• **TASK DIRECTIONS**: The entries below contain a line with "#3345=VERTEX_POINT('',#3343);" and a line with "#5326=CARTESIAN_POINT('',(-13.35,-40.55,14.864));". Quote exactly those two lines and all lines between them.

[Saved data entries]
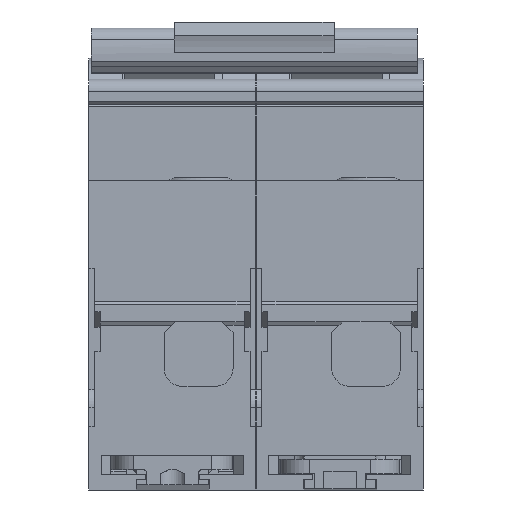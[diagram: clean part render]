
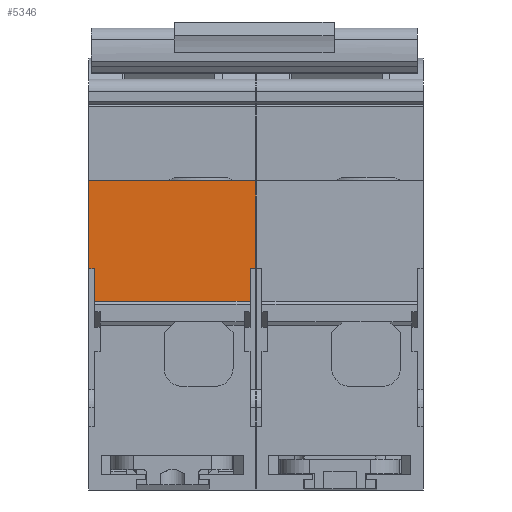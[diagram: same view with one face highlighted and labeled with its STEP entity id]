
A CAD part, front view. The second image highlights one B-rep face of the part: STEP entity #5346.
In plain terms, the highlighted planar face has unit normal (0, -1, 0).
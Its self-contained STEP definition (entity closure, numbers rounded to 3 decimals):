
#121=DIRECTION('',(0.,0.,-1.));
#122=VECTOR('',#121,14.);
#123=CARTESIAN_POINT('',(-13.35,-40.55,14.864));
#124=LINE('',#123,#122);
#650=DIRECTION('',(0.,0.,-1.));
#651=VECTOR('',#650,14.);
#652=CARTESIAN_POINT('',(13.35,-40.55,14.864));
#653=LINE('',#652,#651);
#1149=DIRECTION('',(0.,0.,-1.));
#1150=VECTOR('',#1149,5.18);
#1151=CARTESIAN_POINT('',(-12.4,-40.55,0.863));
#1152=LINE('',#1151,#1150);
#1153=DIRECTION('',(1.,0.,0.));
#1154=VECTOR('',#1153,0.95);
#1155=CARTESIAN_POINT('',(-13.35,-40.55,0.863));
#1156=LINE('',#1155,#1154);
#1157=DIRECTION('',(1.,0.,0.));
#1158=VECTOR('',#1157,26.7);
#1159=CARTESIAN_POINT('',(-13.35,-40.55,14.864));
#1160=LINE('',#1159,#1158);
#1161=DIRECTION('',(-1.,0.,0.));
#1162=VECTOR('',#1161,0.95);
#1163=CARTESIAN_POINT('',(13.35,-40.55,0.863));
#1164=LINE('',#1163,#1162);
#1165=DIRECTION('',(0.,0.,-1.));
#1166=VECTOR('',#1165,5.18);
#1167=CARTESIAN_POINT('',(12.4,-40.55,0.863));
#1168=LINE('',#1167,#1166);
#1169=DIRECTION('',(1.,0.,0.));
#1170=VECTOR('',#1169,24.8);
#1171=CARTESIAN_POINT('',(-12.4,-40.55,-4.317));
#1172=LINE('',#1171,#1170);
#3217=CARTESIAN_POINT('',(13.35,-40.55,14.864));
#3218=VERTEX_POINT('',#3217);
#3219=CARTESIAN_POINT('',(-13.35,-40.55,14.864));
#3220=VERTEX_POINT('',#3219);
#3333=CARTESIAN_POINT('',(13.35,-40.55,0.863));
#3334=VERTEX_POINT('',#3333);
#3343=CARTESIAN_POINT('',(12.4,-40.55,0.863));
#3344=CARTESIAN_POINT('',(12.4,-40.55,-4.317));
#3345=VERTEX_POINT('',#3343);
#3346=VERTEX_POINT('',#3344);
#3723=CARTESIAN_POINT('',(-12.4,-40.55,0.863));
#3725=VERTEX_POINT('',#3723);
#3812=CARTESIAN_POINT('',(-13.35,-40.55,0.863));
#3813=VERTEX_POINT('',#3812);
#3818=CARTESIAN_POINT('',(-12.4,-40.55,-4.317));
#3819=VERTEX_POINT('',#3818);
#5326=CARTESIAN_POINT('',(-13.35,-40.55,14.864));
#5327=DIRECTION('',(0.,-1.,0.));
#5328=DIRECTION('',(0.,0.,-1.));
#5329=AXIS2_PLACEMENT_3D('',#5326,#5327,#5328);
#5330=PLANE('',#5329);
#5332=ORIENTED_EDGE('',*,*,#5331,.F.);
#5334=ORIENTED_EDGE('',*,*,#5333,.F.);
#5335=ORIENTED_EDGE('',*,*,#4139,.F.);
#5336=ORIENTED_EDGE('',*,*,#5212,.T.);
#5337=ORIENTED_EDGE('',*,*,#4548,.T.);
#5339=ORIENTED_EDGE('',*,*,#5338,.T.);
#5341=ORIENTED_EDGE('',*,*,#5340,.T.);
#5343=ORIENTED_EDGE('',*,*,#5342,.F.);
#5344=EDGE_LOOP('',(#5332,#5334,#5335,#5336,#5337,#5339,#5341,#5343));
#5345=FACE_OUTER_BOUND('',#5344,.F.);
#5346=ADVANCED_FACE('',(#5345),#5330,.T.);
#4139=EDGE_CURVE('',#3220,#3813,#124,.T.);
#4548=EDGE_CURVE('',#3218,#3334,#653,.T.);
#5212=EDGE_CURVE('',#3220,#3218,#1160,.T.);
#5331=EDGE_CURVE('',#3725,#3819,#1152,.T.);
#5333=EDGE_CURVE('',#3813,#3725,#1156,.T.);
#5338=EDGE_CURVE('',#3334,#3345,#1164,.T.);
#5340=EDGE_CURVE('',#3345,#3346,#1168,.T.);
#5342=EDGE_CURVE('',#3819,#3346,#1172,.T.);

• **YOUR RESPONSE**:
#3345=VERTEX_POINT('',#3343);
#3346=VERTEX_POINT('',#3344);
#3723=CARTESIAN_POINT('',(-12.4,-40.55,0.863));
#3725=VERTEX_POINT('',#3723);
#3812=CARTESIAN_POINT('',(-13.35,-40.55,0.863));
#3813=VERTEX_POINT('',#3812);
#3818=CARTESIAN_POINT('',(-12.4,-40.55,-4.317));
#3819=VERTEX_POINT('',#3818);
#5326=CARTESIAN_POINT('',(-13.35,-40.55,14.864));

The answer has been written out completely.